Correct answer is supposedly E. I can't for the life of me figure out how to solve this in less than two minutes.

Every time I work it, I end up with a nasty quadratic that takes forever to factor, or solve with the quad formula.

I'm sure it is in my approach... I'm using substitution

if xy = 5, then x = 5/y, then sub into the first equation...

(2/(5/y)) + (3/y) = 4
(2y/5) + (3/y) = 4
2y + (15/y) = 20
2y^2 + 15 = 20y
2y^2 -20y + 15 = 0

This is where it gets really ugly... Quad formula, nope you have to solve something like the sqrt(280), that takes too long to solve in under two minutes.

Factor quickly? What factors of -30 add up to 15?

I must have done something wrong up to this point. I'm just not sure what it is. Thanks!

Any help, step by step, would be VERY much appreciated! Thanks in advance.

Very common GMAT trick question here. Your used to solving the question by using the ol Two equations two unknowns. This doesn't always work to your advantage on the GMAT.

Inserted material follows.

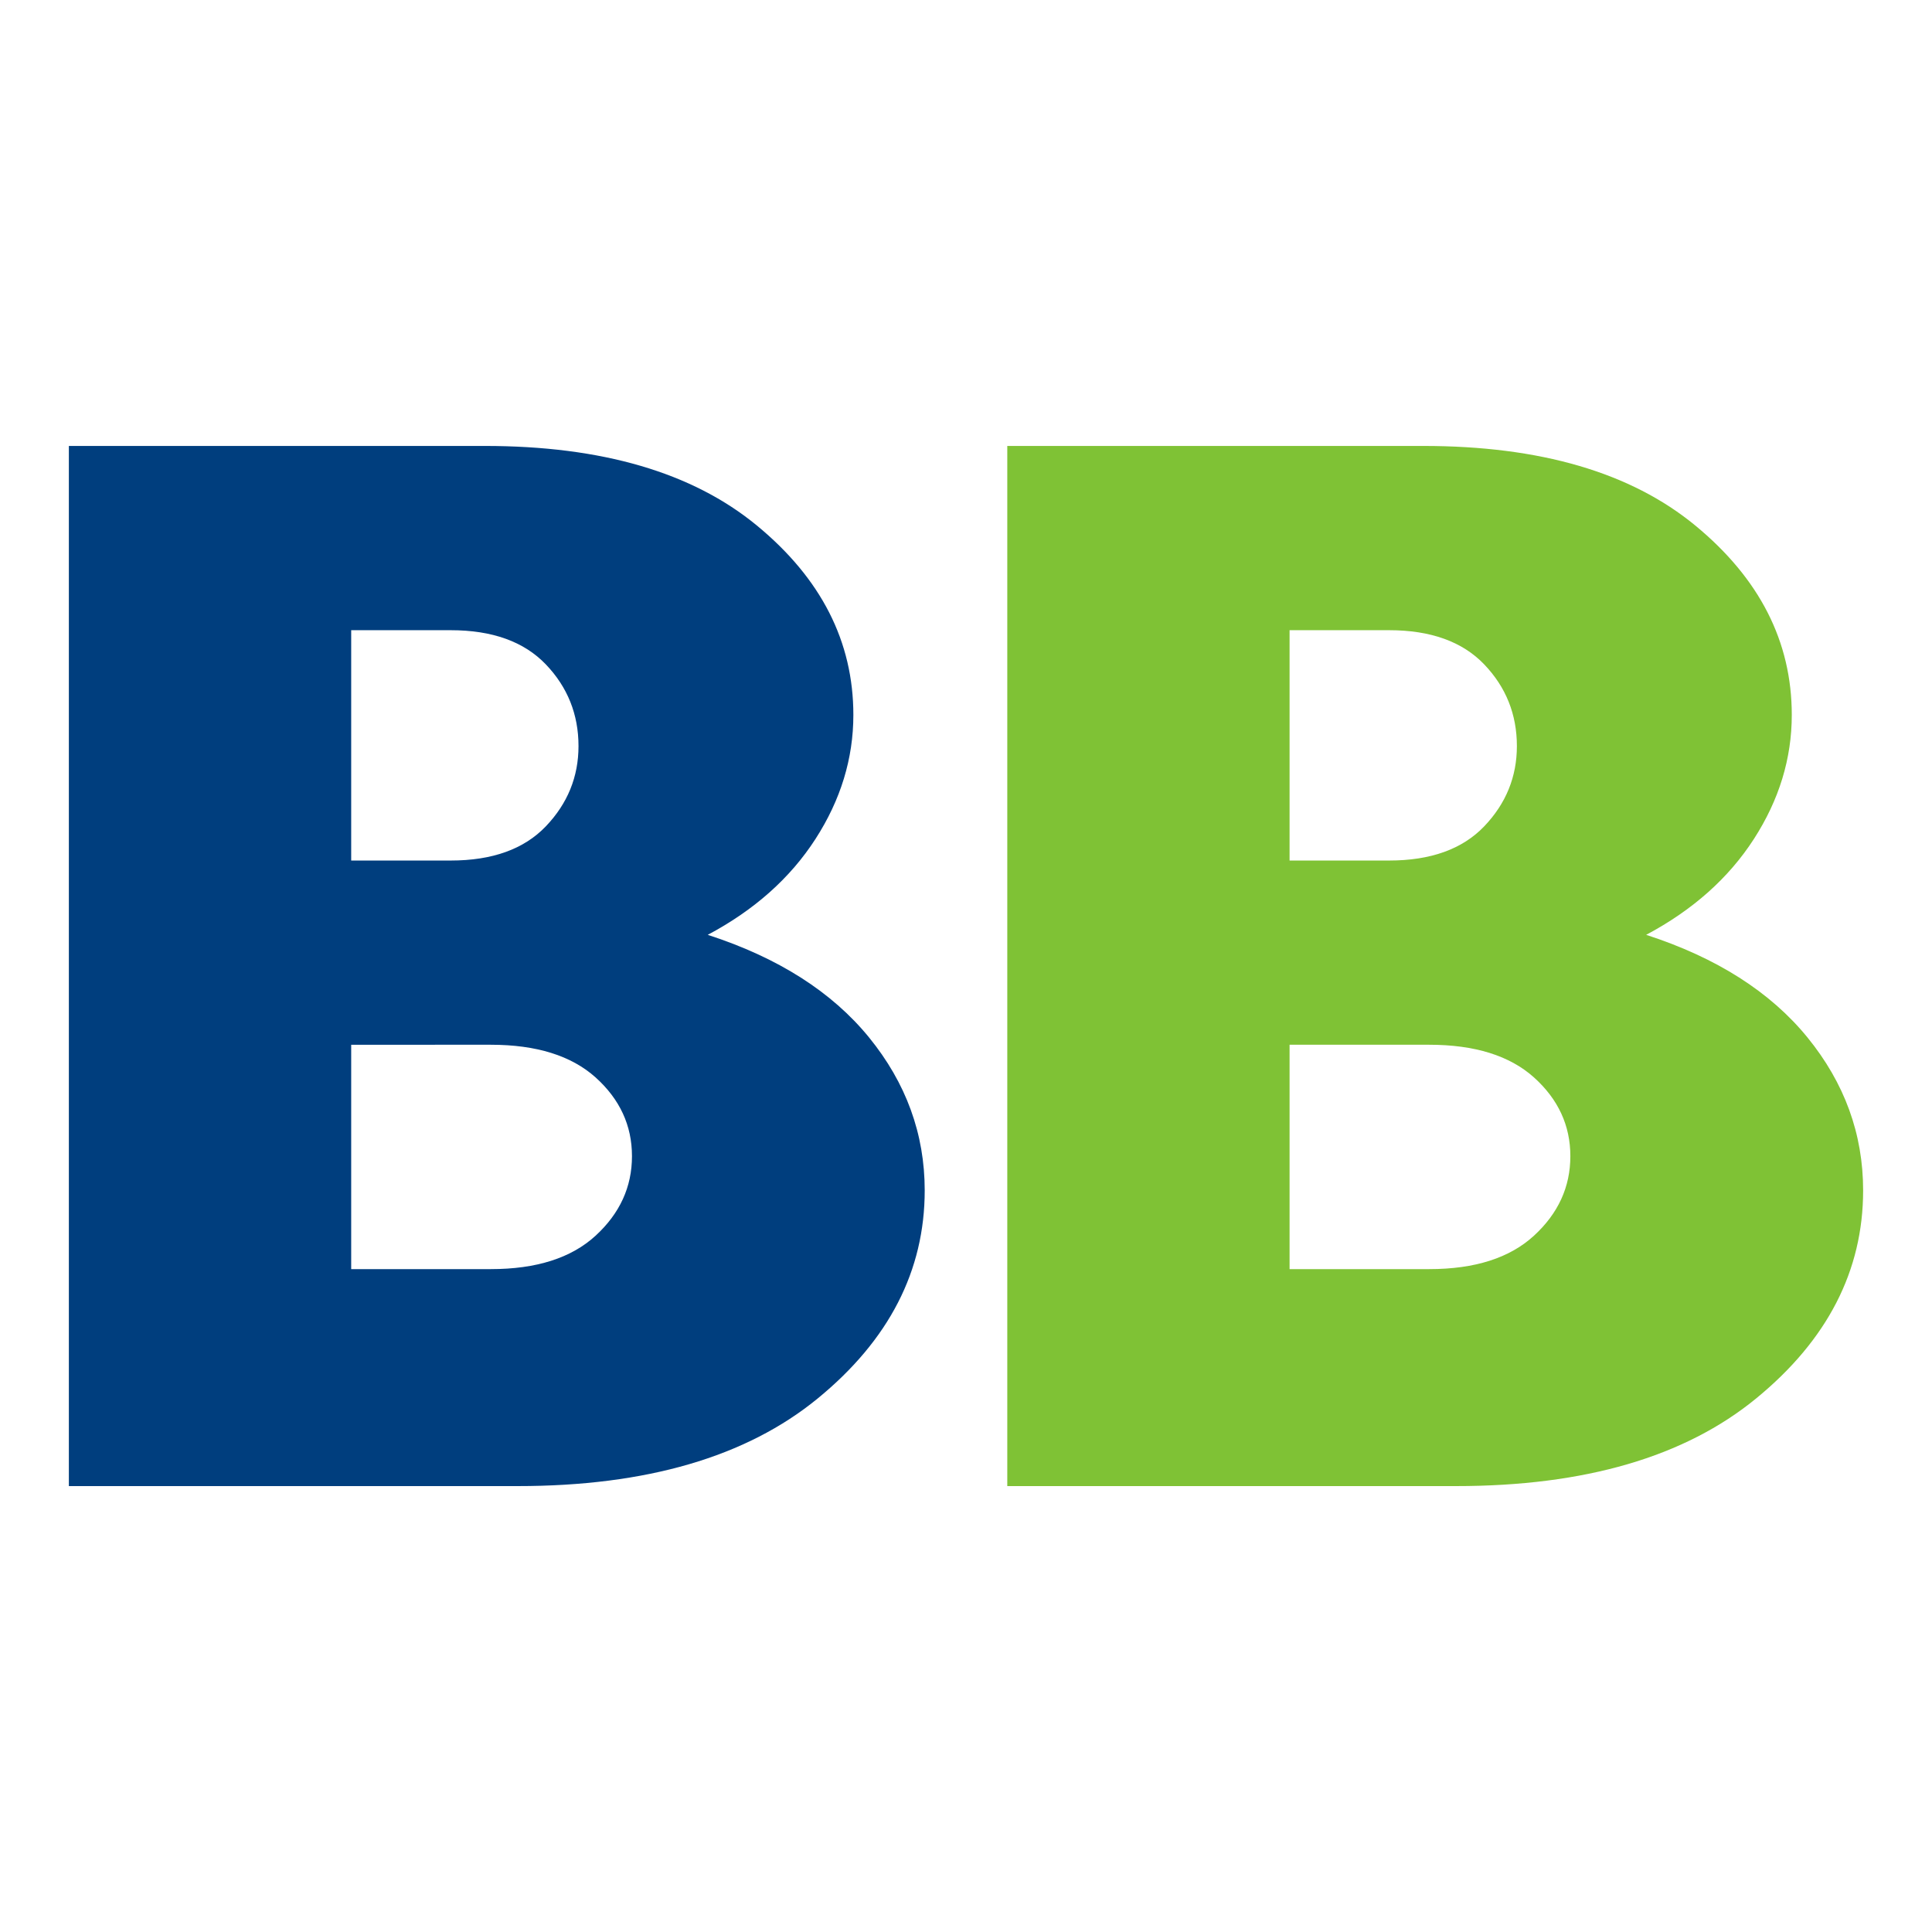 <svg xmlns="http://www.w3.org/2000/svg" xmlns:xlink="http://www.w3.org/1999/xlink" id="Layer_1" x="0px" y="0px" viewBox="0 0 512 512" style="enable-background:new 0 0 512 512;" xml:space="preserve"> <style type="text/css"> .st0{fill:#003E7E;} .st1{fill:#7FC235;} </style> <g> <path class="st0" d="M18.25,393.82V118.18h110.25c30.97,0,54.99,7.02,72.06,21.07c17.06,14.05,25.59,30.78,25.59,50.21 c0,11.55-3.35,22.51-10.04,32.88c-6.7,10.38-16.21,18.84-28.55,25.4c18.64,6.04,32.88,15.1,42.73,27.17 c9.84,12.08,14.77,25.6,14.77,40.56c0,21.27-9.45,39.65-28.35,55.13c-18.9,15.49-45.42,23.23-79.54,23.23H18.25z M93.07,228.05 h26.38c11.02,0,19.42-3.02,25.2-9.06c5.77-6.04,8.66-13.13,8.66-21.27c0-8.39-2.89-15.62-8.66-21.65 c-5.78-6.03-14.18-9.06-25.2-9.06H93.07V228.05z M93.07,336.33h37.01c12.07,0,21.33-2.95,27.76-8.86 c6.43-5.91,9.64-12.93,9.64-21.07c0-8.14-3.22-15.09-9.64-20.87c-6.44-5.77-15.69-8.66-27.76-8.66H93.07V336.33z"></path> <path class="st1" d="M266.94,393.82V118.18h110.25c30.97,0,54.99,7.02,72.06,21.07c17.06,14.05,25.59,30.78,25.59,50.21 c0,11.55-3.35,22.51-10.04,32.88c-6.7,10.38-16.21,18.84-28.55,25.4c18.64,6.04,32.88,15.1,42.73,27.17 c9.84,12.08,14.77,25.6,14.77,40.56c0,21.27-9.45,39.65-28.35,55.13c-18.9,15.49-45.42,23.23-79.54,23.23H266.94z M341.75,228.05 h26.38c11.02,0,19.42-3.02,25.2-9.06c5.77-6.04,8.66-13.13,8.66-21.27c0-8.39-2.89-15.62-8.66-21.65 c-5.78-6.03-14.18-9.06-25.2-9.06h-26.38V228.05z M341.75,336.33h37.01c12.07,0,21.33-2.95,27.76-8.86 c6.43-5.91,9.64-12.93,9.64-21.07c0-8.14-3.22-15.09-9.64-20.87c-6.44-5.77-15.69-8.66-27.76-8.66h-37.01V336.33z"></path> </g> </svg>

The question is asking for 3x+2y. So if you can find what 3x+2y = then you know the answer. No need to solve for both X and Y.

here: 2/x+3/y=4 and xy=5. 2/x+3/y=4 (make denom same)

(2y+3x)/xy=4 ---> 2y+3x=4xy ----> xy=5 so---> 2y+3x =4(5)

2y+3x= 20. just change 2y and 3x around and you have:

3x+2y=20.

Ans E.

Remember you don't always have to solve for both X and Y, just 3x + 2y. You must know this concept to do well on the quant section.
Intern
Joined: 23 Sep 2007
Posts: 14
Re: stumped... retired test question is killing me, please h [#permalink]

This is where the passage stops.